The following narrative of a young Jewess, at the above-named place, will interest our readers. Let her have an interest in their prayers. The trials of the young inquirer, illustrated in the case of this daughter of Israel, are such as many are called to endure. They have often to forsake father, m her, and kindred, in order to become disciples of Christ.

Mr. Moritz, the Society's missionary in Sweden, writes :

Miss Fanny Lehmann, a young lady of fifteen years of age, whose father is one of the richest Jews here, concerning whom I reported in my letter of March 31st, that she had been ill-treated by her parents for her attachment to the Saviour, called on me, on Tuesday the 9th instant, and told me that she wished to become a disciple of the Lord Jesus Christ ; but her parents had illtreated her on that account, and forced her to go

to Dr. Heinemann, in order to be instructed in the Jewish religion, and confirmed by him. She felt, however, such pangs of conscience for it, especially as his instruction was quite opposed to the truth as it is in Christ, that she was quite miserable, and desired me to inform her what to do.

I examined her strictly as to the motives which prompted her to become a Christian, as her Biblical knowledge of Christianity was yet very imperfect; and after I was satisfied that she really had been enlightened, by the Holy Spirit, to see her lost state by nature, and that she could only be saved by the Lord Jesus Christ, I told her that I could only advise her, when she in the afternoon had to go to Dr. Heinemann for instruction, to tell him that her heart and conscience prompted her to become a Christian, and that she never would remain in the Jewish religion ; if these be the true sentiments of her heart.
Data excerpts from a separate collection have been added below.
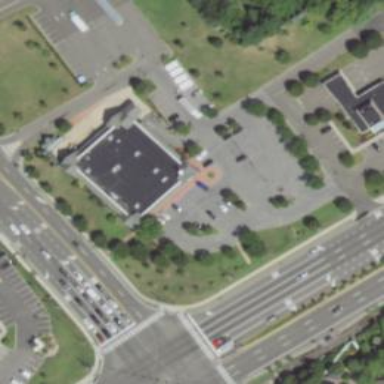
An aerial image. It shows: Retail building.
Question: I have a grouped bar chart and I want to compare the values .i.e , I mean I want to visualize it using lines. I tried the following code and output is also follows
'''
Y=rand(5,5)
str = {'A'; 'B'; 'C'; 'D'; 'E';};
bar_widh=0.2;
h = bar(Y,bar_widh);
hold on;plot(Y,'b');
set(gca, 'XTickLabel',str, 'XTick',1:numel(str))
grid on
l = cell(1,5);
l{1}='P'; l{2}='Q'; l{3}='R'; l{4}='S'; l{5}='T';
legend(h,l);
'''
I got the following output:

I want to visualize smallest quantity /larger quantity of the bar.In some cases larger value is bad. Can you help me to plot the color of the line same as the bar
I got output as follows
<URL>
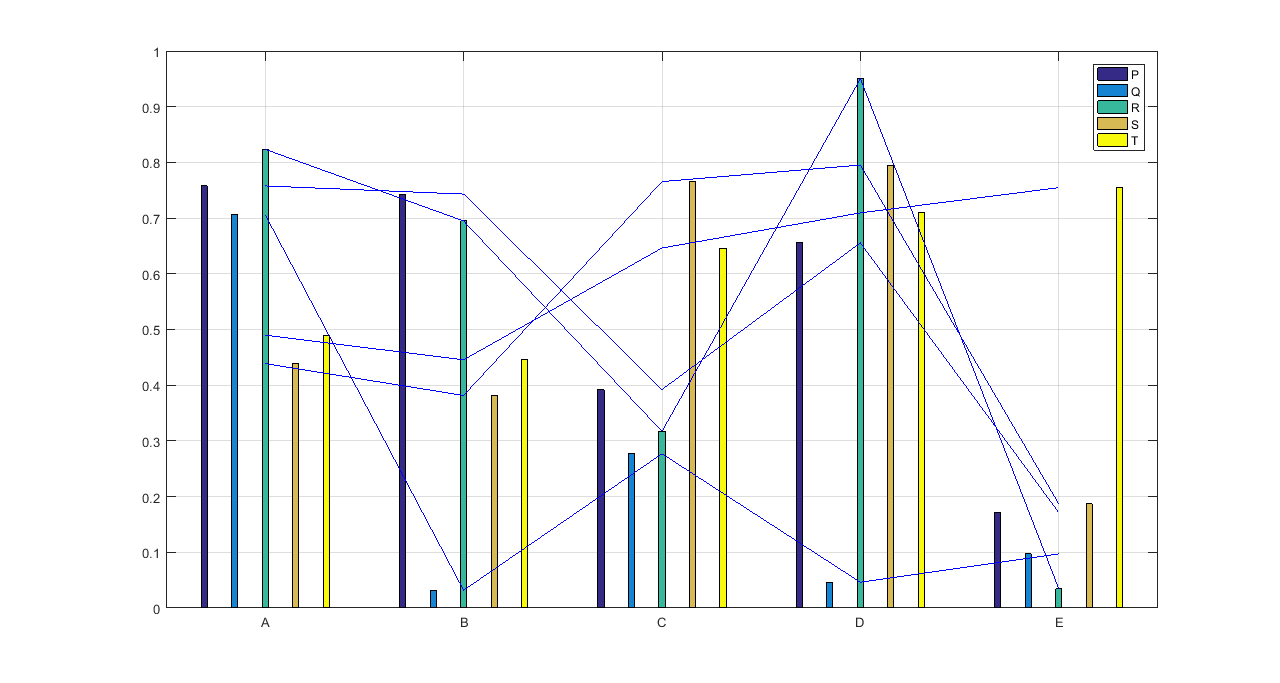
Answer: You can try this:
'''
Y=rand(5,5);
str = {'A'; 'B'; 'C'; 'D'; 'E';};
bar_widh=0.2;
figure; hold on;grid on
h = bar(Y,bar_widh);
% to highlight the minimum of each group,
% copy data into a new matrix
Y_ = Y;
% find the minimum values and make the rest zeors
Y_(Y_~=repmat(min(Y_,[],1),size(Y,1),1)) = 0;
% then plot with so sort of highlighting
h2 = bar(Y_,0.5);
pause(0.1) % pause to allow bars to be drawn
% now go through each group of bars and plot the line
for i = 1:numel(h)
x = h(i).XData + h(i).XOffset; % find the x coordinates where the bars are plotted
ax = plot(x,Y(:,i)); % plot the line
% set color of the bars the same as the line
h(i).FaceColor = ax.Color;
h2(i).FaceColor = ax.Color;
end
set(gca, 'XTickLabel',str, 'XTick',1:numel(str))
legend('P','Q','R','S','T');
'''
---
> 'h(i).XData'
is the center coordinates of the ith group of bars.
For example, in your case:
'''
h(1).XData = [ 1 2 3 4 5 ]; % group P
h(2).XData = [ 1 2 3 4 5 ]; % group Q
...
h(5).XData = [ 1 2 3 4 5 ]; % group T
'''
> 'h(i).XOffset'
is the offset value of each bar in the group from its corresponding centre coordinate.
For example, in your case:
'''
h(1).XOffset = -0.3077; % group P
h(2).XOffset = -0.1538; % group Q
...
h(5).XOffset = 0.3077; % group T
'''
---
Without highlighting the minimum values
<URL>
Minimum values highlighted
<URL>
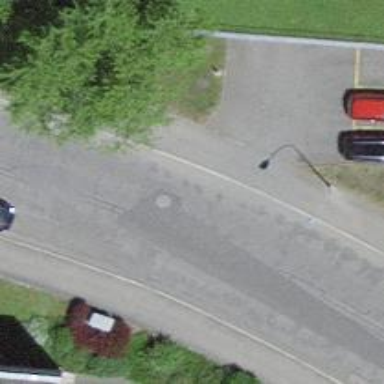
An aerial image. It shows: Residential road with asphalt surface.
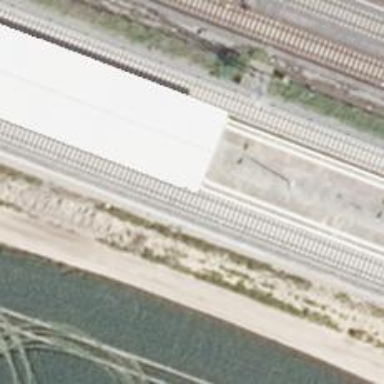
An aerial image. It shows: Close-up of railway platform edge.
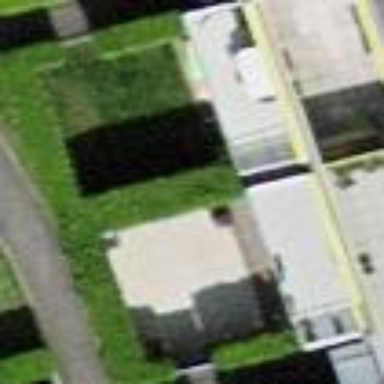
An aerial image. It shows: Garden enclosed by fence.
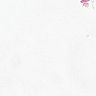
Metastatic tissue present: no
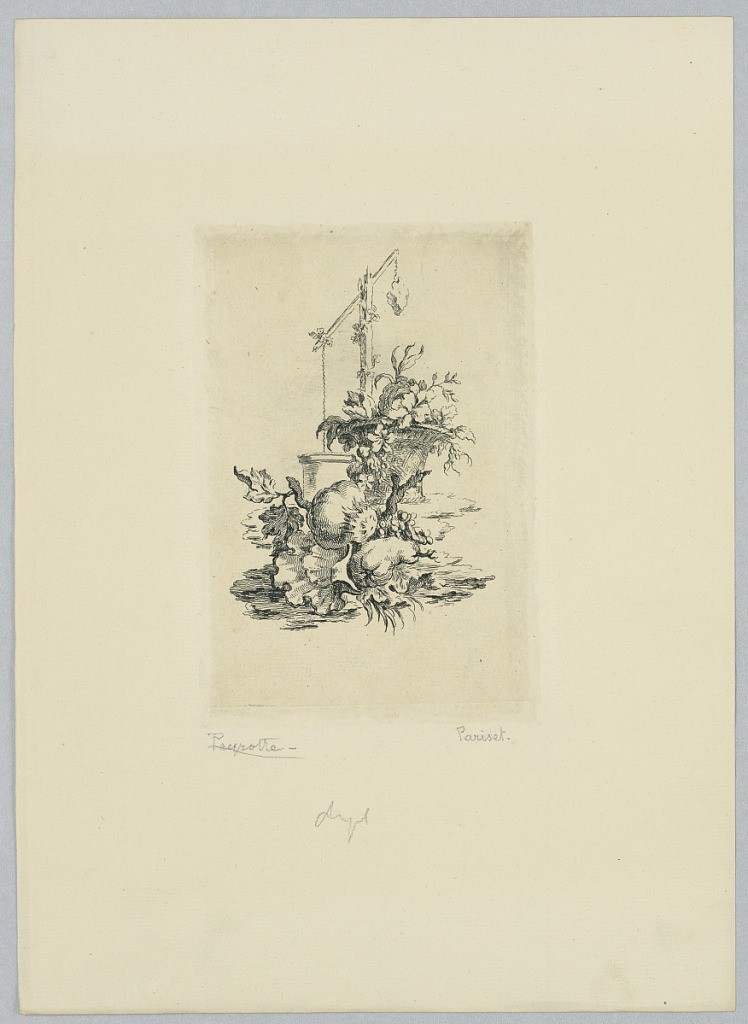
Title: Vignette with Gourds, a Basket, and a Scale
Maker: D. P. Pariset, French, 1740 - ca. 1783
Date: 1769–1782
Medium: Engraving on paper
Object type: Print
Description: Vignette with Gourds, a Basket, and a Scale
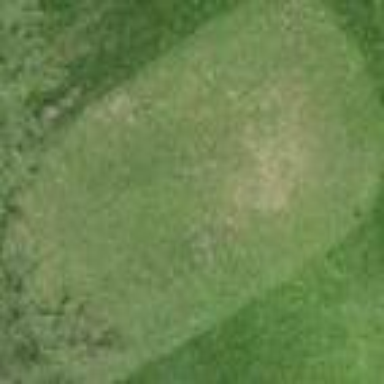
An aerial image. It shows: Golf tee.
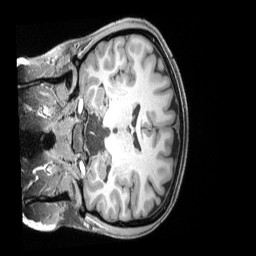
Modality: T1w
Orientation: coronal
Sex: female
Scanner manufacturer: siemens
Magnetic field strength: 3 T
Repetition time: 2.4 s
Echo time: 0.00222 s
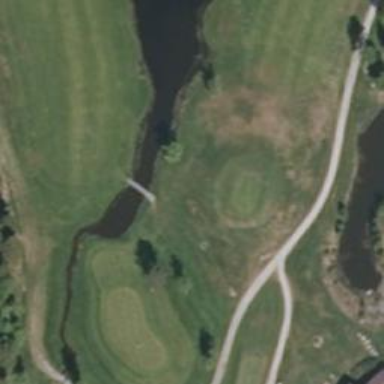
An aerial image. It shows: Path on bridge over golf course.
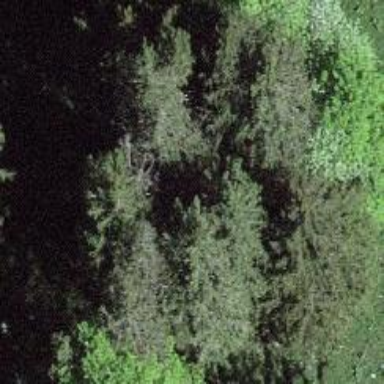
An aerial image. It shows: Beautiful tree in nature.
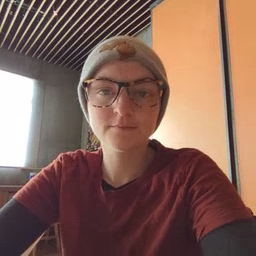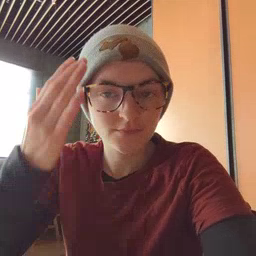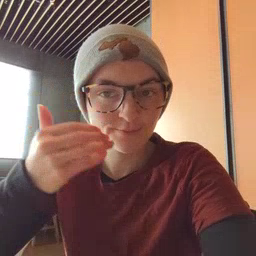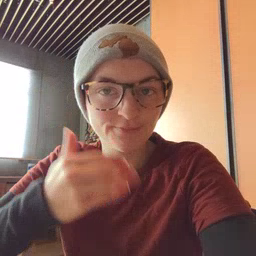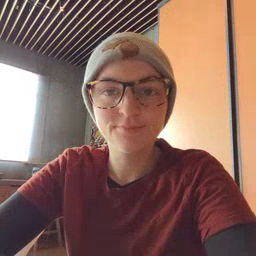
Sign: head
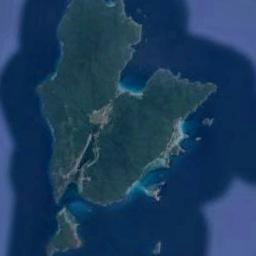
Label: island
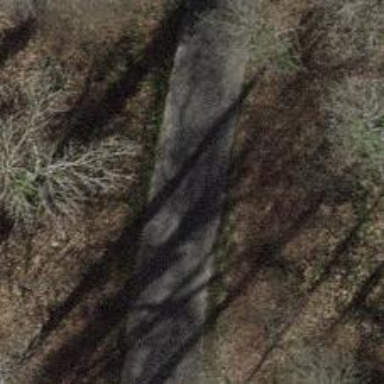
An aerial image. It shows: Unclassified road with asphalt surface.
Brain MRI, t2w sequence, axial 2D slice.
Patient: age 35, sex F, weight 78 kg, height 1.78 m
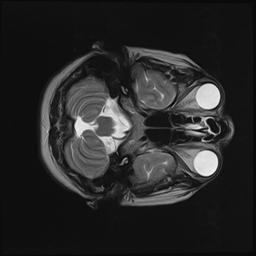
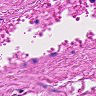
Metastatic tissue present: no
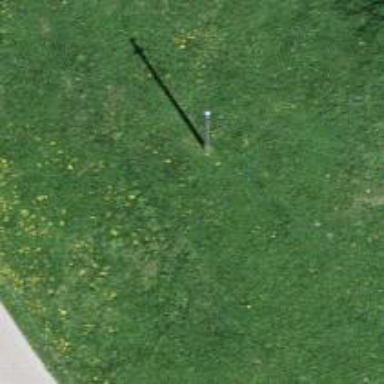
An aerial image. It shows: Power pole.
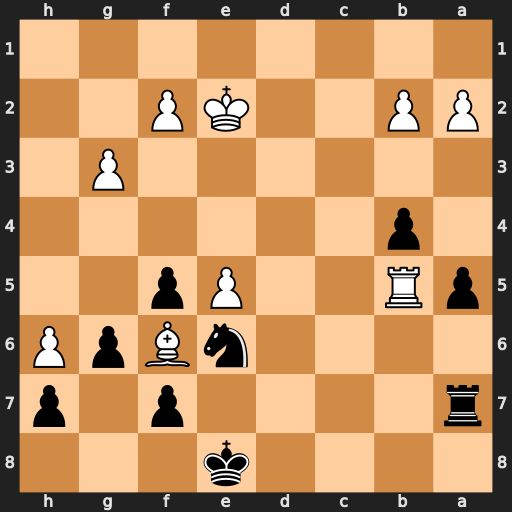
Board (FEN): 4k3/r4p1p/4nBpP/pR2Pp2/1p6/6P1/PP2KP2/8
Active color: b
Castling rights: -
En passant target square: -
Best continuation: Nd4+ Kd3 Nxb5
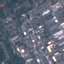
Label: Industrial
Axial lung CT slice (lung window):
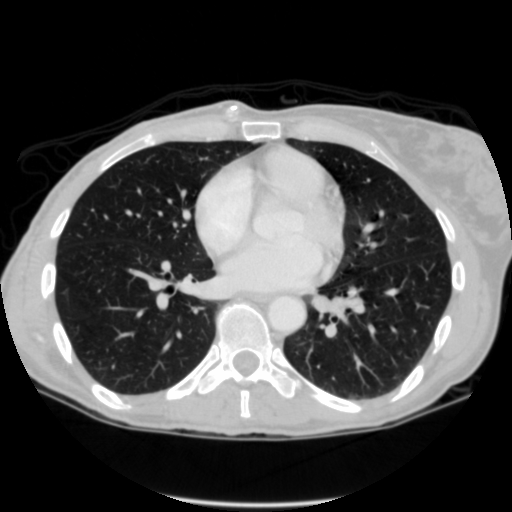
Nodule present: no
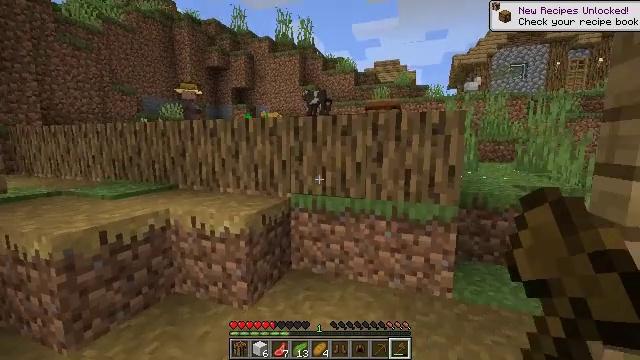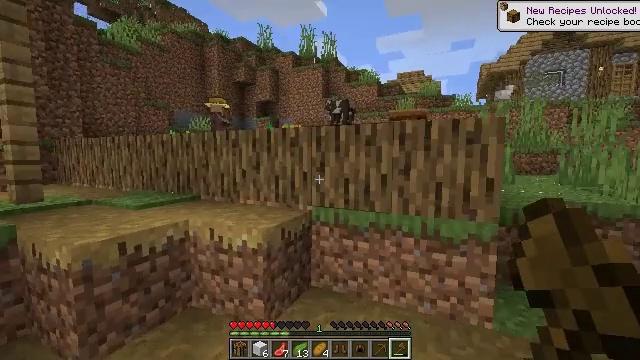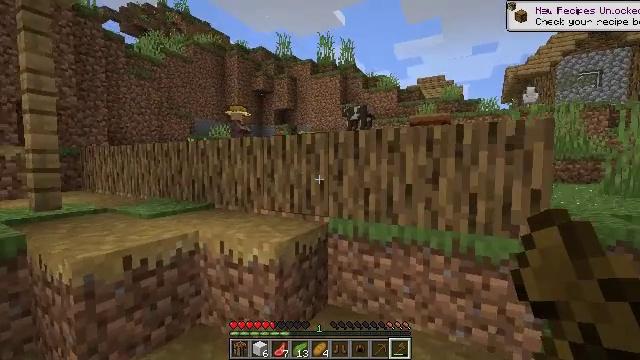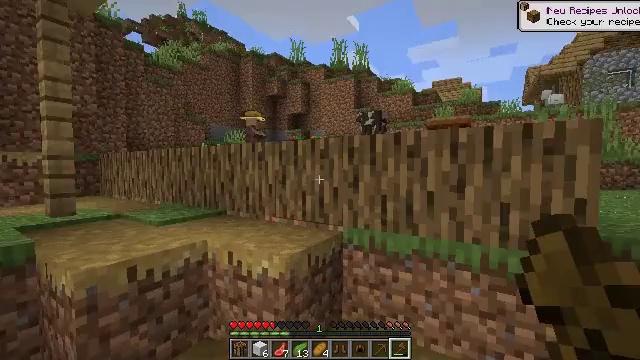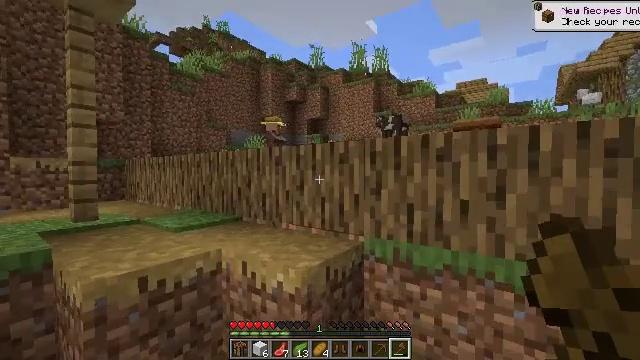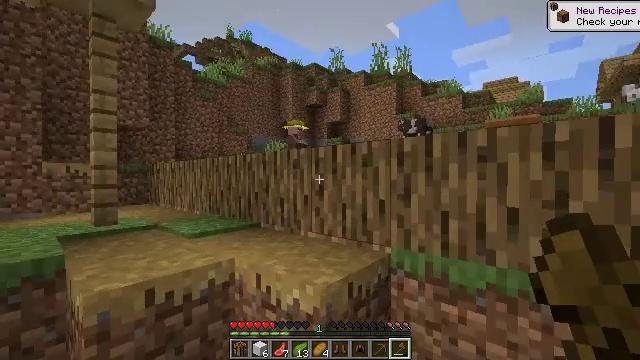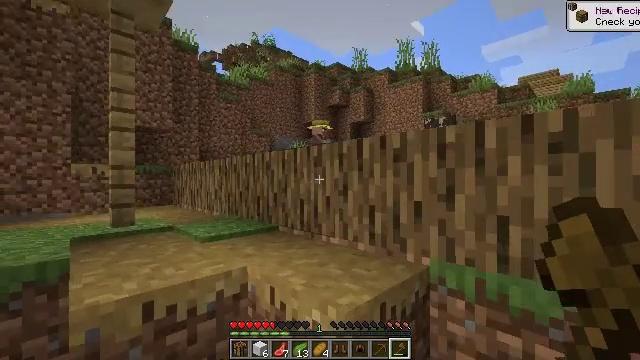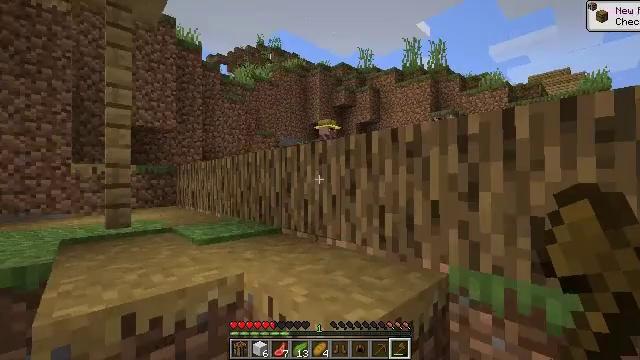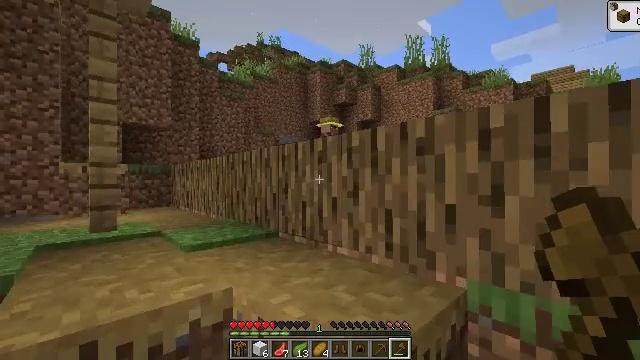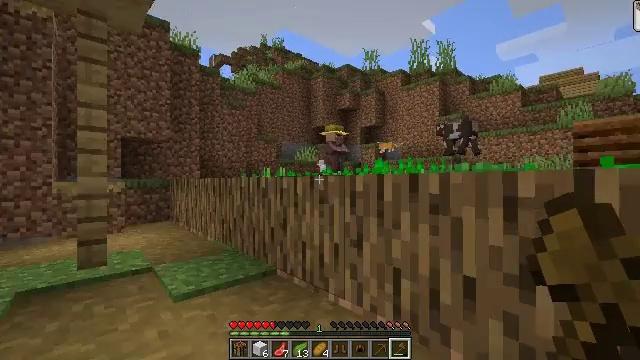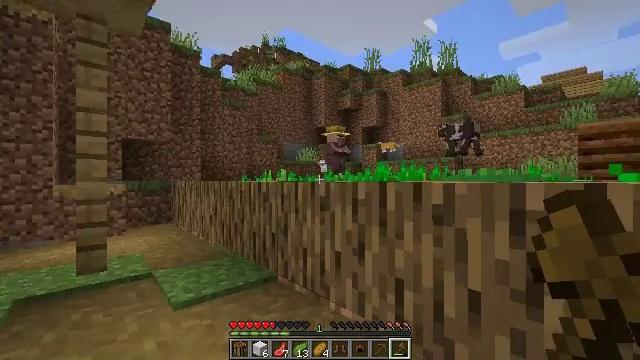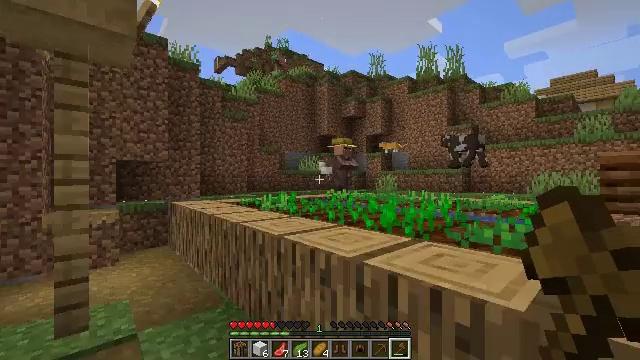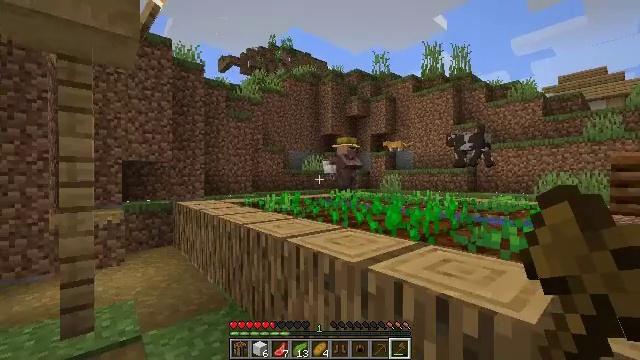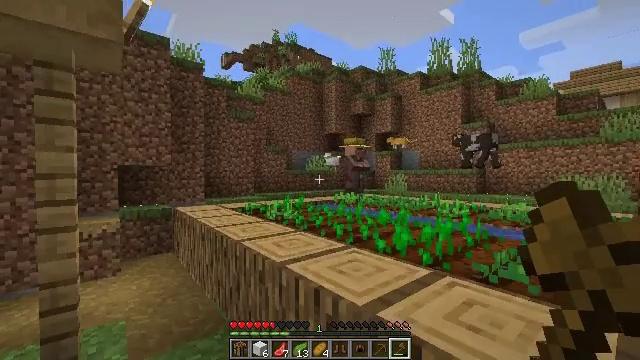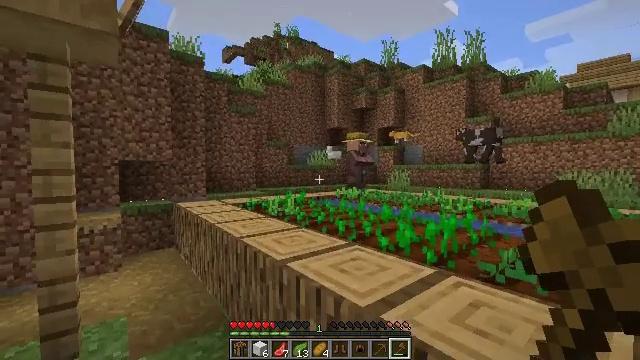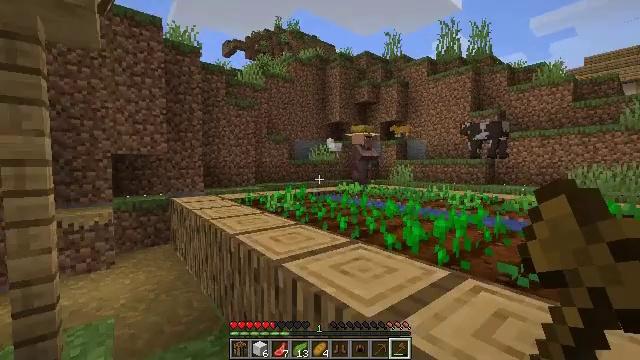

I also advised her to go home to her parents, and make known to them in humility, but with frankness, her faith in the Saviour, and her heart's desire to become a Christian. I told her that if they hindered her, she must obey God before even her parents, for both the Old and New Testaments enjoin this, and no man has a right to place himself between God and our soul, as every man must give an account of himself to the judge of all the earth. I begged her to pray for peace from the Saviour to strengthen her to make this confession, and promised her that I would assist her with my prayers, that she may remain constant and firm after she had made this confession; and exhorted her, in case her parents did treat her ill on account of it, to bear it with patience and resignation, remembering what the Saviour had suffered for her. I said that in case her parents should cast her out of the house for her steadfastness and attachment to Christ, I trusted, I should be able to find some friends for her, who will protect and assist her. But it would be well for her own soul, and an evidence of her sincerity, both to me and my few Christian friends, if she, by this, proves the reality of her faith ; and she might, by this means, encourage two or three other young Jewesses, who are in the same predicament, also to step forward and make a confession of the Saviour.

She then left me, grateful for what I had told her, and with the resolution to follow my advice.